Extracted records
########
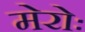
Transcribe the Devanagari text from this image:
मेरोः
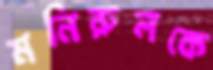
মনিরুলকে
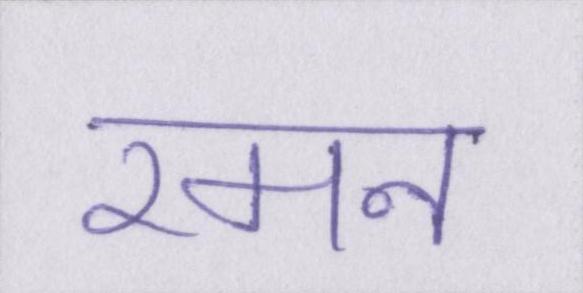
रमन
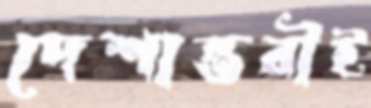
দেশান্তরীই
########
- PROBLEM TO WORK ON: Copy each of the entries above precisely, and drop whatever pictures they hold.

- SOLVED EXERCISE:
Transcribe the Devanagari text from this image:
मेरोः
মনিরুলকে
रमन
দেশান্তরীই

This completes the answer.